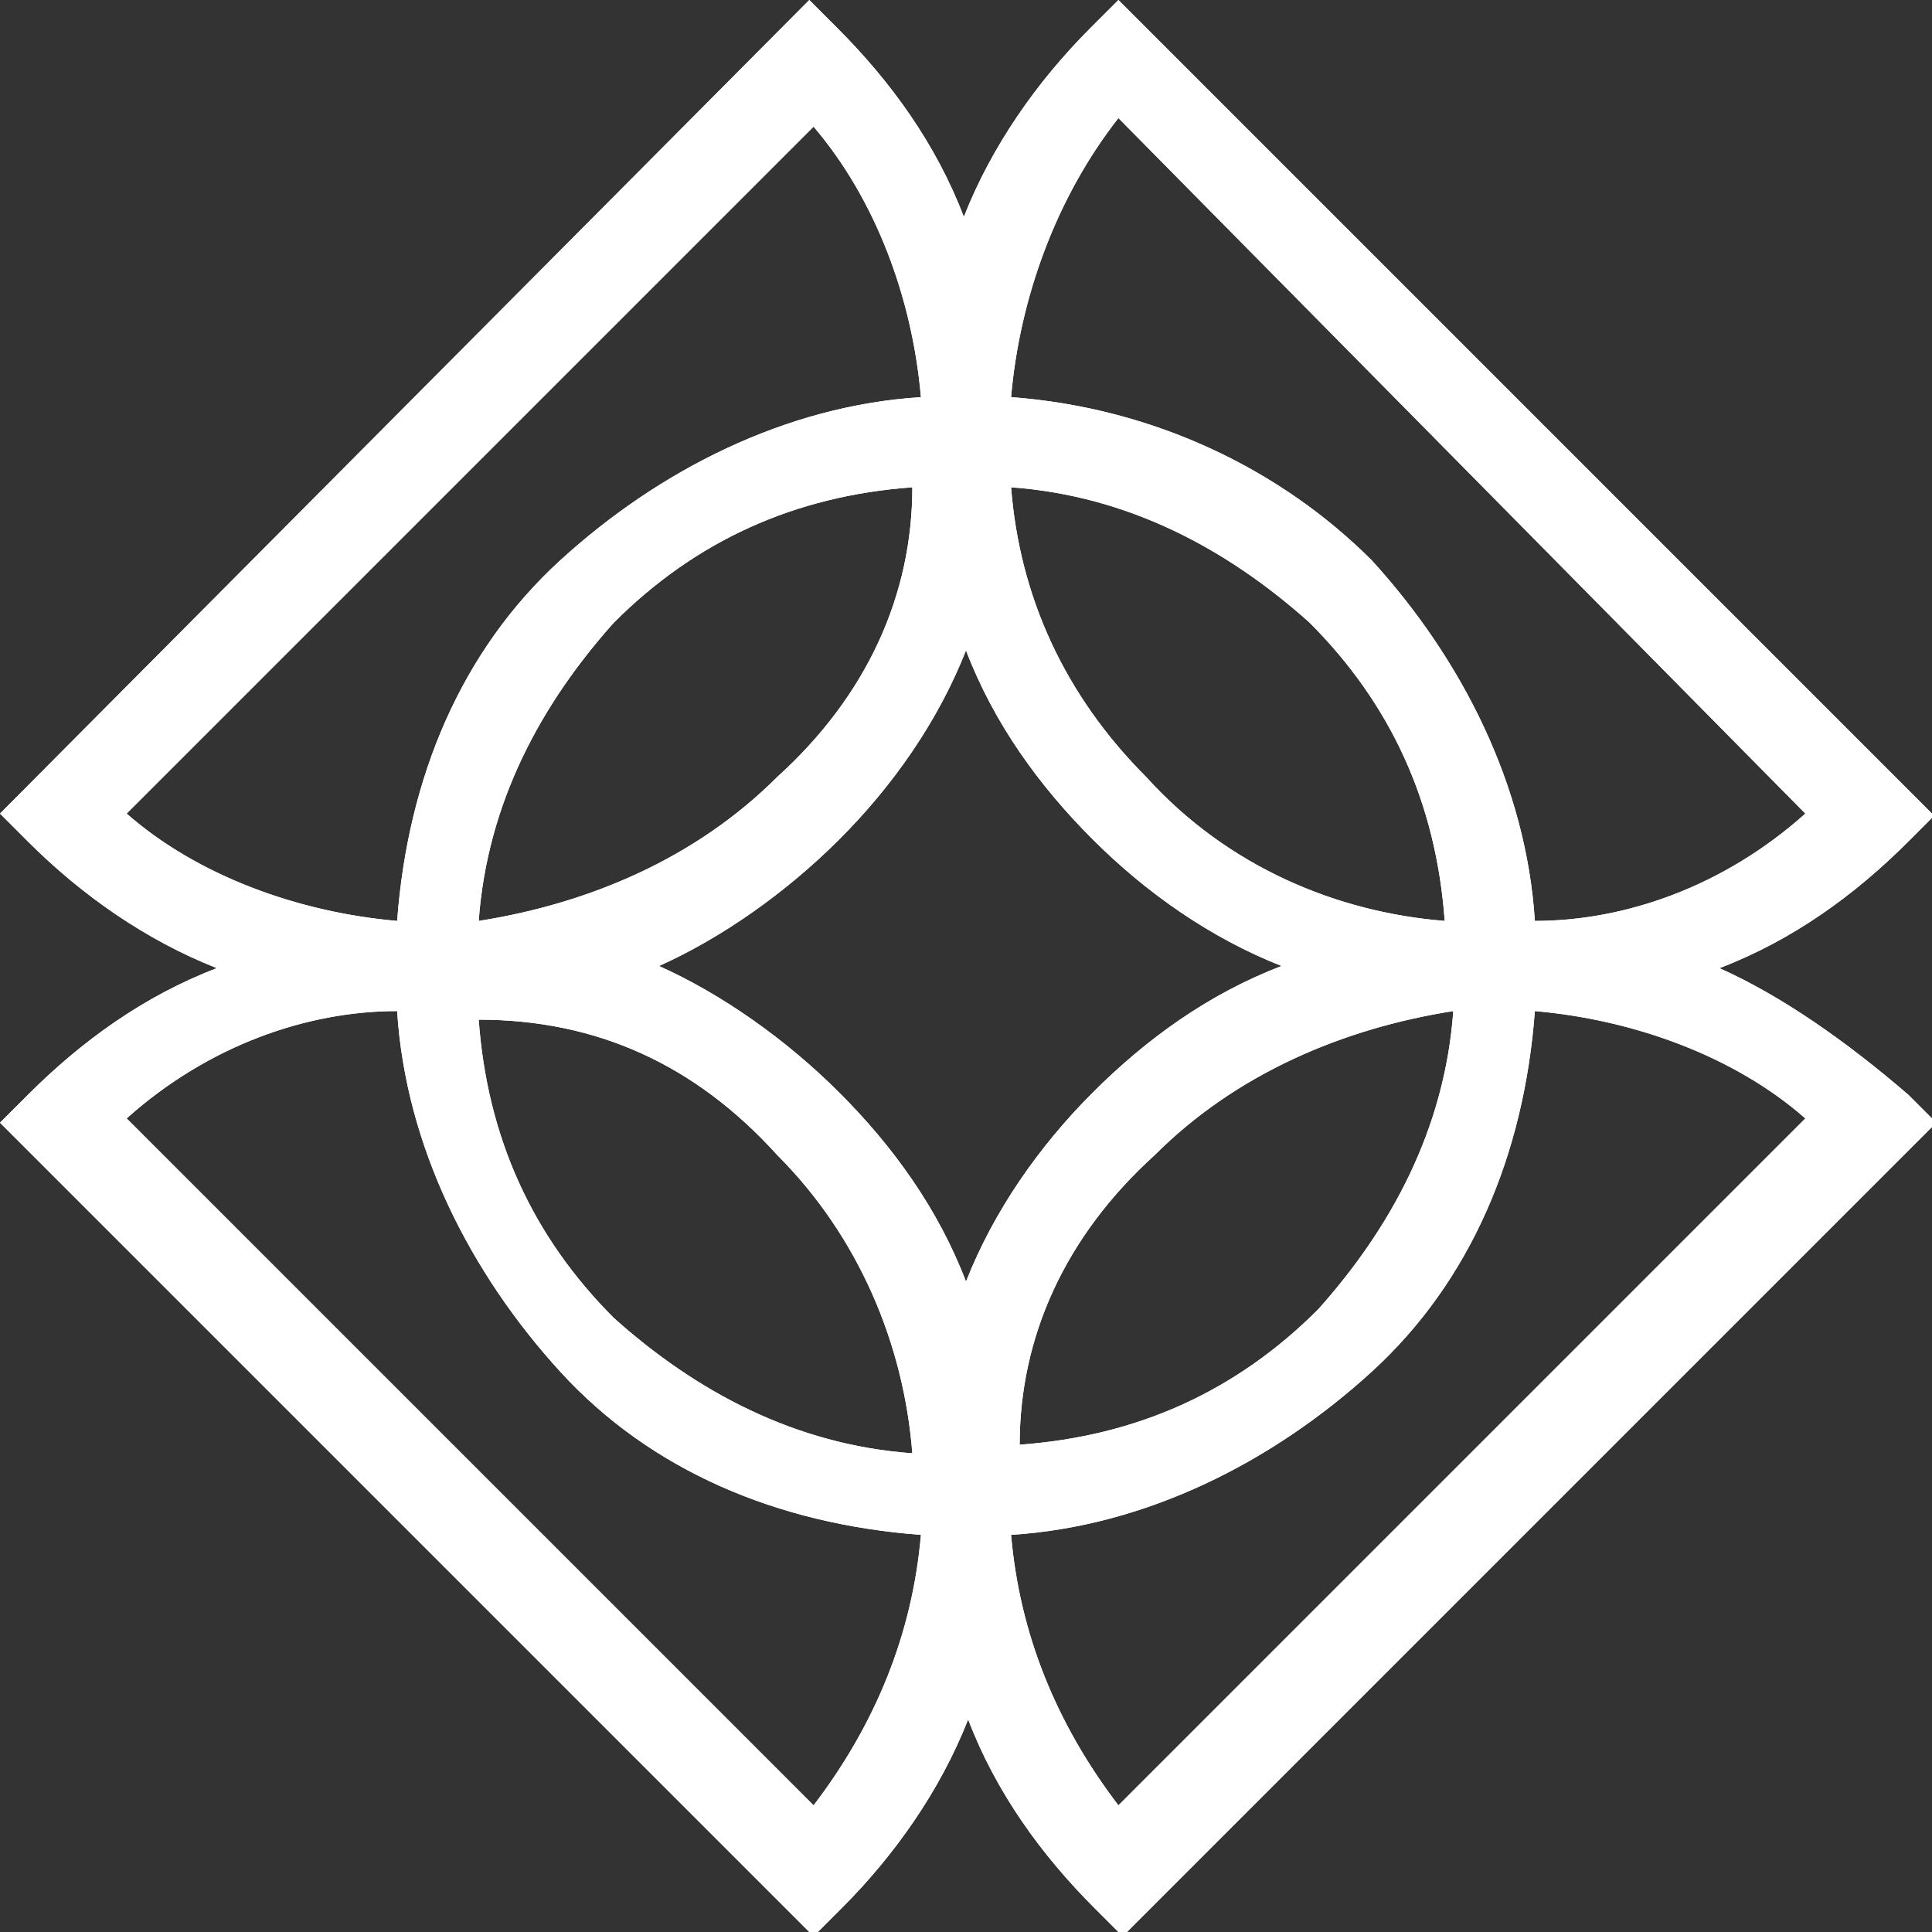 <?xml version="1.0" encoding="UTF-8"?>
<svg id="Layer_1" xmlns="http://www.w3.org/2000/svg" version="1.1" viewBox="0 0 90 90">
  <rect x="0" y="0" width="90" height="90" fill="#333333" stroke="none"/>
  <path d="M90,37.9L52.1,0l-1.3,1.3c-2.5,2.5-4.6,5.5-5.9,8.8-1.3-3.4-3.4-6.3-5.9-8.8l-1.3-1.3L0,37.9l1.3,1.3c2.5,2.5,5.5,4.6,8.8,5.9-3.4,1.3-6.3,3.4-8.8,5.9l-1.3,1.3,37.9,37.9,1.3-1.3c2.5-2.5,4.6-5.5,5.9-8.8,1.3,3.4,3.4,6.3,5.9,8.8l1.3,1.3,37.9-37.9-1.3-1.3c-2.9-2.5-5.9-4.6-8.8-5.9,3.4-1.3,6.3-3.4,8.8-5.9l1.3-1.3ZM5.9,37.9L37.9,5.9c2.9,3.4,4.6,8,5,12.6-6.3.4-12.2,3.4-16.8,7.6-4.6,4.2-7.1,10.1-7.6,16.8-4.6-.4-9.3-2.1-12.6-5ZM42.5,22.7c0,5-2.1,9.7-6.3,13.5-3.8,3.8-8.8,5.9-13.9,6.7.4-5.5,2.9-10.1,6.3-13.9,3.8-3.8,8.4-5.9,13.9-6.3ZM36.2,53.8c3.8,3.8,5.9,8.8,6.3,13.9-5.5-.4-10.1-2.9-13.9-6.3-3.8-3.8-5.9-8.4-6.3-13.9,5.5,0,10.1,2.1,13.9,6.3ZM37.9,84.1L5.9,52.1c3.8-3.4,8.4-5,12.6-5,.4,6.3,3.4,12.2,7.6,16.8s10.1,7.1,16.8,7.6c-.4,4.6-2.1,8.8-5,12.6ZM39.1,50.9c-2.5-2.5-5.5-4.6-8.4-5.9,2.9-1.3,5.9-3.4,8.4-5.9,2.5-2.5,4.6-5.5,5.9-8.8,1.3,3.4,3.4,6.3,5.9,8.8,2.5,2.5,5.5,4.6,8.8,5.9-3.4,1.3-6.3,3.4-8.8,5.9-2.5,2.5-4.6,5.5-5.9,8.8-1.3-3.4-3.4-6.3-5.9-8.8ZM47.1,22.7c5.5.4,10.1,2.9,13.9,6.3,3.8,3.8,5.9,8.4,6.3,13.9-5-.4-10.1-2.5-13.9-6.7-3.8-3.8-5.9-8.4-6.3-13.5ZM67.7,47.1c-.4,5.5-2.9,10.1-6.3,13.9-3.8,3.8-8.4,5.9-13.9,6.3,0-5,2.1-9.7,6.3-13.5,3.8-3.8,8.8-5.9,13.9-6.7ZM84.1,52.1l-32,32c-2.9-3.8-4.6-8-5-12.6,6.3-.4,12.2-3.4,16.8-7.6,4.6-4.2,7.1-10.1,7.6-16.8,4.6.4,9.3,2.1,12.6,5ZM71.5,42.9c-.4-6.3-3.4-12.2-7.6-16.8-4.2-4.2-10.1-7.1-16.8-7.6.4-4.6,2.1-9.3,5-13l32,32.4c-3.8,3.4-8.4,5-12.6,5Z" fill="#ffffff"/>
  <path d="M90,37.9L52.1,0l-1.3,1.3c-2.5,2.5-4.6,5.5-5.9,8.8-1.3-3.4-3.4-6.3-5.9-8.8l-1.3-1.3L0,37.9l1.3,1.3c2.5,2.5,5.5,4.6,8.8,5.9-3.4,1.3-6.3,3.4-8.8,5.9l-1.3,1.3,37.9,37.9,1.3-1.3c2.5-2.5,4.6-5.5,5.9-8.8,1.3,3.4,3.4,6.3,5.9,8.8l1.3,1.3,37.9-37.9-1.3-1.3c-2.9-2.5-5.9-4.6-8.8-5.9,3.4-1.3,6.3-3.4,8.8-5.9l1.3-1.3ZM5.9,37.9L37.9,5.9c2.9,3.4,4.6,8,5,12.6-6.3.4-12.2,3.4-16.8,7.6-4.6,4.2-7.1,10.1-7.6,16.8-4.6-.4-9.3-2.1-12.6-5ZM42.5,22.7c0,5-2.1,9.7-6.3,13.5-3.8,3.8-8.8,5.9-13.9,6.7.4-5.5,2.9-10.1,6.3-13.9,3.8-3.8,8.4-5.9,13.9-6.3ZM36.2,53.8c3.8,3.8,5.9,8.8,6.3,13.9-5.5-.4-10.1-2.9-13.9-6.3-3.8-3.8-5.9-8.4-6.3-13.9,5.5,0,10.1,2.1,13.9,6.3ZM37.9,84.1L5.9,52.1c3.8-3.4,8.4-5,12.6-5,.4,6.3,3.4,12.2,7.6,16.8s10.1,7.1,16.8,7.6c-.4,4.6-2.1,8.8-5,12.6ZM39.1,50.9c-2.5-2.5-5.5-4.6-8.4-5.9,2.9-1.3,5.9-3.4,8.4-5.9,2.5-2.5,4.6-5.5,5.9-8.8,1.3,3.4,3.4,6.3,5.9,8.8,2.5,2.5,5.5,4.6,8.8,5.9-3.4,1.3-6.3,3.4-8.8,5.9-2.5,2.5-4.6,5.5-5.9,8.8-1.3-3.4-3.4-6.3-5.9-8.8ZM47.1,22.7c5.5.4,10.1,2.9,13.9,6.3,3.8,3.8,5.9,8.4,6.3,13.9-5-.4-10.1-2.5-13.9-6.7-3.8-3.8-5.9-8.4-6.3-13.5ZM67.7,47.1c-.4,5.5-2.9,10.1-6.3,13.9-3.8,3.8-8.4,5.9-13.9,6.3,0-5,2.1-9.7,6.3-13.5,3.8-3.8,8.8-5.9,13.9-6.7ZM84.1,52.1l-32,32c-2.9-3.8-4.6-8-5-12.6,6.3-.4,12.2-3.4,16.8-7.6,4.6-4.2,7.1-10.1,7.6-16.8,4.6.4,9.3,2.1,12.6,5ZM71.5,42.9c-.4-6.3-3.4-12.2-7.6-16.8-4.2-4.2-10.1-7.1-16.8-7.6.4-4.6,2.1-9.3,5-13l32,32.4c-3.8,3.4-8.4,5-12.6,5Z" fill="#ffffff"/>
</svg>

+ + + +

# Exercise brief
Would you write out the material above in full, exactly as given, except for its pictures?

# Answer space
 <?xml version="1.0" encoding="UTF-8"?>
<svg id="Layer_1" xmlns="http://www.w3.org/2000/svg" version="1.1" viewBox="0 0 90 90">
  <rect x="0" y="0" width="90" height="90" fill="#333333" stroke="none"/>
  <path d="M90,37.9L52.1,0l-1.3,1.3c-2.5,2.5-4.6,5.5-5.9,8.8-1.3-3.4-3.4-6.3-5.9-8.8l-1.3-1.3L0,37.9l1.3,1.3c2.5,2.5,5.5,4.6,8.8,5.9-3.4,1.3-6.3,3.4-8.8,5.9l-1.3,1.3,37.9,37.9,1.3-1.3c2.5-2.5,4.6-5.5,5.9-8.8,1.3,3.4,3.4,6.3,5.9,8.8l1.3,1.3,37.9-37.9-1.3-1.3c-2.9-2.5-5.9-4.6-8.8-5.9,3.4-1.3,6.3-3.4,8.8-5.9l1.3-1.3ZM5.9,37.9L37.9,5.9c2.9,3.4,4.6,8,5,12.6-6.3.4-12.2,3.4-16.8,7.6-4.6,4.2-7.1,10.1-7.6,16.8-4.6-.4-9.3-2.1-12.6-5ZM42.5,22.7c0,5-2.1,9.7-6.3,13.5-3.8,3.8-8.8,5.9-13.9,6.7.4-5.5,2.9-10.1,6.3-13.9,3.8-3.8,8.4-5.9,13.9-6.3ZM36.2,53.8c3.8,3.8,5.9,8.8,6.3,13.9-5.5-.4-10.1-2.9-13.9-6.3-3.8-3.8-5.9-8.4-6.3-13.9,5.5,0,10.1,2.1,13.9,6.3ZM37.9,84.1L5.9,52.1c3.8-3.4,8.4-5,12.6-5,.4,6.3,3.4,12.2,7.6,16.8s10.1,7.1,16.8,7.6c-.4,4.6-2.1,8.8-5,12.6ZM39.1,50.9c-2.5-2.5-5.5-4.6-8.4-5.9,2.9-1.3,5.9-3.4,8.4-5.9,2.5-2.5,4.6-5.5,5.9-8.8,1.3,3.4,3.4,6.3,5.9,8.8,2.5,2.5,5.5,4.6,8.8,5.9-3.4,1.3-6.3,3.4-8.8,5.9-2.5,2.5-4.6,5.5-5.9,8.8-1.3-3.4-3.4-6.3-5.9-8.8ZM47.1,22.7c5.5.4,10.1,2.9,13.9,6.3,3.8,3.8,5.9,8.4,6.3,13.9-5-.4-10.1-2.5-13.9-6.7-3.8-3.8-5.9-8.4-6.3-13.5ZM67.7,47.1c-.4,5.5-2.9,10.1-6.3,13.9-3.8,3.8-8.4,5.9-13.9,6.3,0-5,2.1-9.7,6.3-13.5,3.8-3.8,8.8-5.9,13.9-6.7ZM84.1,52.1l-32,32c-2.9-3.8-4.6-8-5-12.6,6.3-.4,12.2-3.4,16.8-7.6,4.6-4.2,7.1-10.1,7.6-16.8,4.6.4,9.3,2.1,12.6,5ZM71.5,42.9c-.4-6.3-3.4-12.2-7.6-16.8-4.2-4.2-10.1-7.1-16.8-7.6.4-4.6,2.1-9.3,5-13l32,32.4c-3.8,3.4-8.4,5-12.6,5Z" fill="#ffffff"/>
  <path d="M90,37.9L52.1,0l-1.3,1.3c-2.5,2.5-4.6,5.5-5.9,8.8-1.3-3.4-3.4-6.3-5.9-8.8l-1.3-1.3L0,37.9l1.3,1.3c2.5,2.5,5.5,4.6,8.8,5.9-3.4,1.3-6.3,3.4-8.8,5.9l-1.3,1.3,37.9,37.9,1.3-1.3c2.5-2.5,4.6-5.5,5.9-8.8,1.3,3.4,3.4,6.3,5.9,8.8l1.3,1.3,37.9-37.9-1.3-1.3c-2.9-2.5-5.9-4.6-8.8-5.9,3.4-1.3,6.3-3.4,8.8-5.9l1.3-1.3ZM5.9,37.9L37.9,5.9c2.9,3.4,4.6,8,5,12.6-6.3.4-12.2,3.4-16.8,7.6-4.6,4.2-7.1,10.1-7.6,16.8-4.6-.4-9.3-2.1-12.6-5ZM42.5,22.7c0,5-2.1,9.7-6.3,13.5-3.8,3.8-8.8,5.9-13.9,6.7.4-5.5,2.9-10.1,6.3-13.9,3.8-3.8,8.4-5.9,13.9-6.3ZM36.2,53.8c3.8,3.8,5.9,8.8,6.3,13.9-5.5-.4-10.1-2.9-13.9-6.3-3.8-3.8-5.9-8.4-6.3-13.9,5.5,0,10.1,2.1,13.9,6.3ZM37.9,84.1L5.9,52.1c3.8-3.4,8.4-5,12.6-5,.4,6.3,3.4,12.2,7.6,16.8s10.1,7.1,16.8,7.6c-.4,4.6-2.1,8.8-5,12.6ZM39.1,50.9c-2.5-2.5-5.5-4.6-8.4-5.9,2.9-1.3,5.9-3.4,8.4-5.9,2.5-2.5,4.6-5.5,5.9-8.8,1.3,3.4,3.4,6.3,5.9,8.8,2.5,2.5,5.5,4.6,8.8,5.9-3.4,1.3-6.3,3.4-8.8,5.9-2.5,2.5-4.6,5.5-5.9,8.8-1.3-3.4-3.4-6.3-5.9-8.8ZM47.1,22.7c5.5.4,10.1,2.9,13.9,6.3,3.8,3.8,5.9,8.4,6.3,13.9-5-.4-10.1-2.5-13.9-6.7-3.8-3.8-5.9-8.4-6.3-13.5ZM67.7,47.1c-.4,5.5-2.9,10.1-6.3,13.9-3.8,3.8-8.4,5.9-13.9,6.3,0-5,2.1-9.7,6.3-13.5,3.8-3.8,8.8-5.9,13.9-6.7ZM84.1,52.1l-32,32c-2.9-3.8-4.6-8-5-12.6,6.3-.4,12.2-3.4,16.8-7.6,4.6-4.2,7.1-10.1,7.6-16.8,4.6.4,9.3,2.1,12.6,5ZM71.5,42.9c-.4-6.3-3.4-12.2-7.6-16.8-4.2-4.2-10.1-7.1-16.8-7.6.4-4.6,2.1-9.3,5-13l32,32.4c-3.8,3.4-8.4,5-12.6,5Z" fill="#ffffff"/>
</svg>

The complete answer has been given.